LISTED ENTRIES
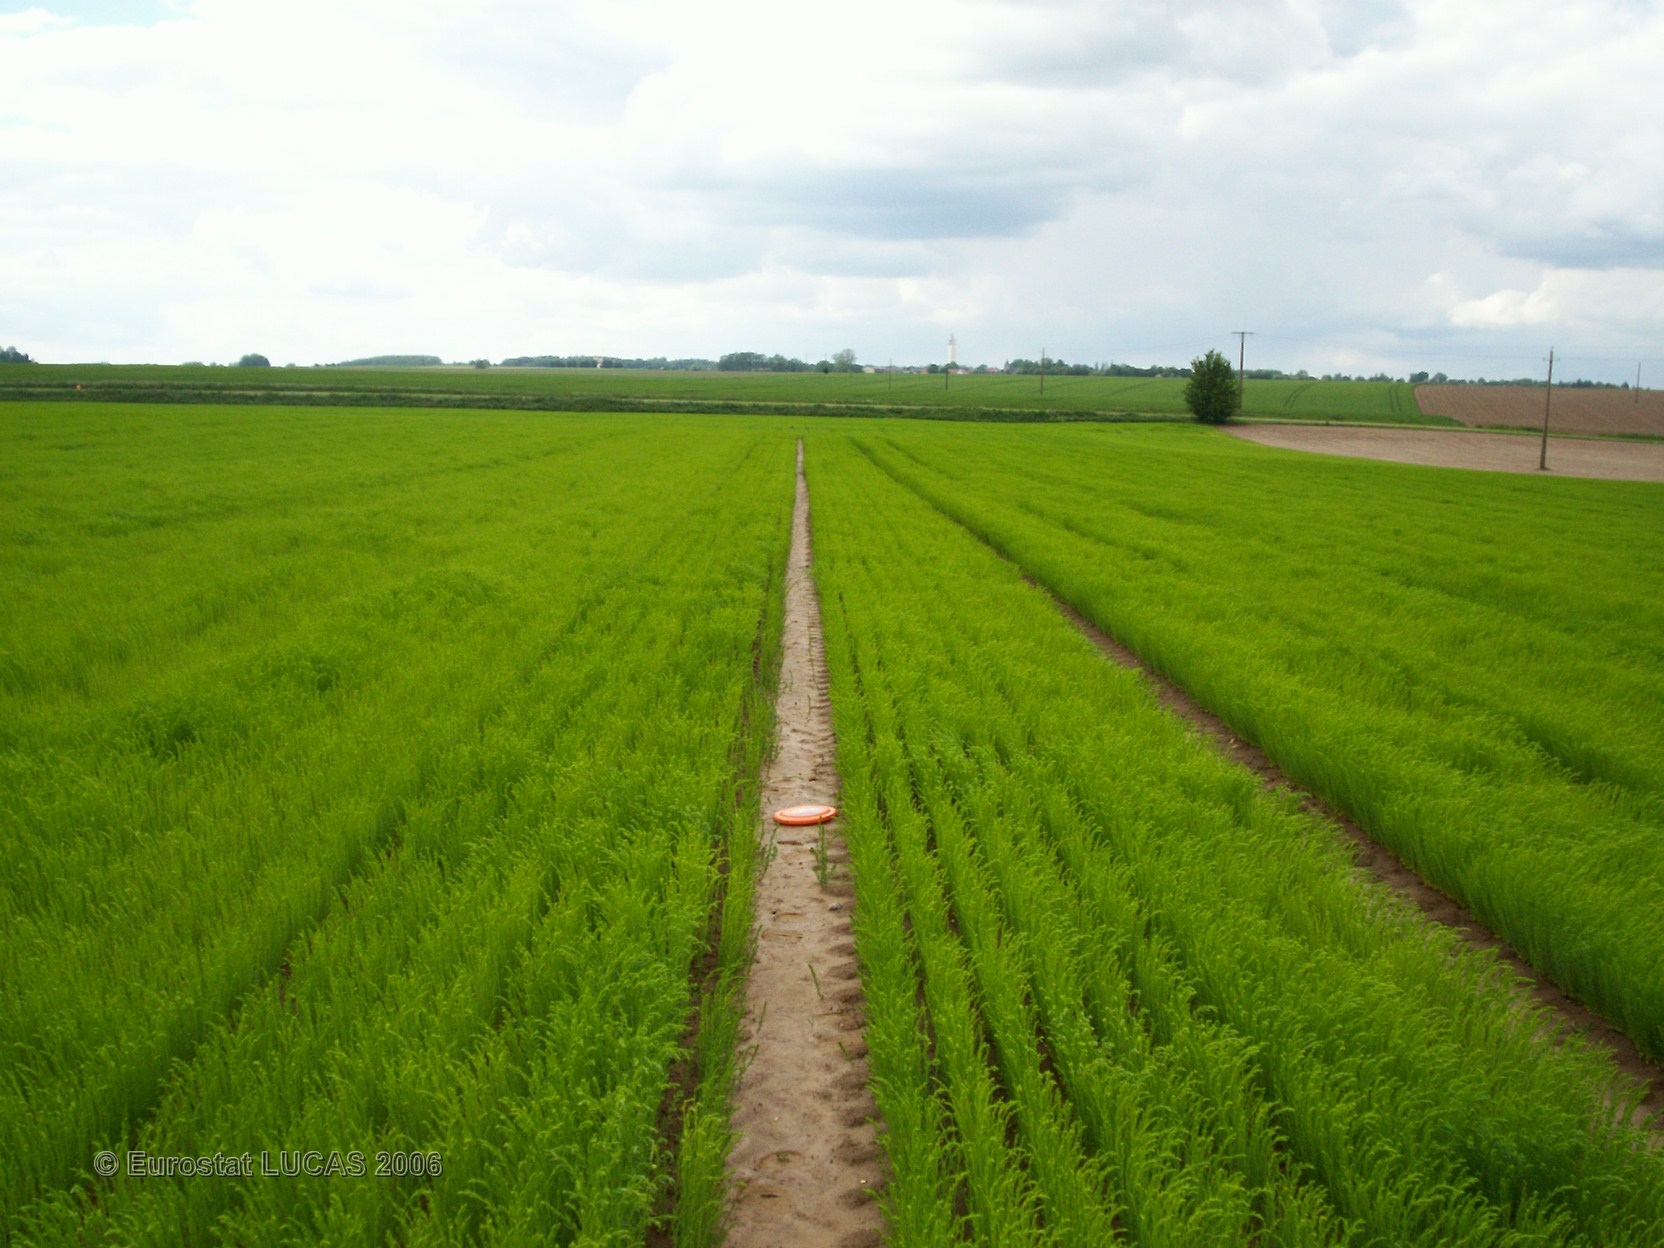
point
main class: Cropland
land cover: Other fibre and oleaginous crops
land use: Agriculture (excluding fallow land and kitchen gardens)
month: May
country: FR
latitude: 50.1950
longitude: 2.5777

WHAT THE TASK REQUIRES
Reproduce all of the entries word for word, skipping any pictures they hold.

TASK RESPONSE
point
main class: Cropland
land cover: Other fibre and oleaginous crops
land use: Agriculture (excluding fallow land and kitchen gardens)
month: May
country: FR
latitude: 50.1950
longitude: 2.5777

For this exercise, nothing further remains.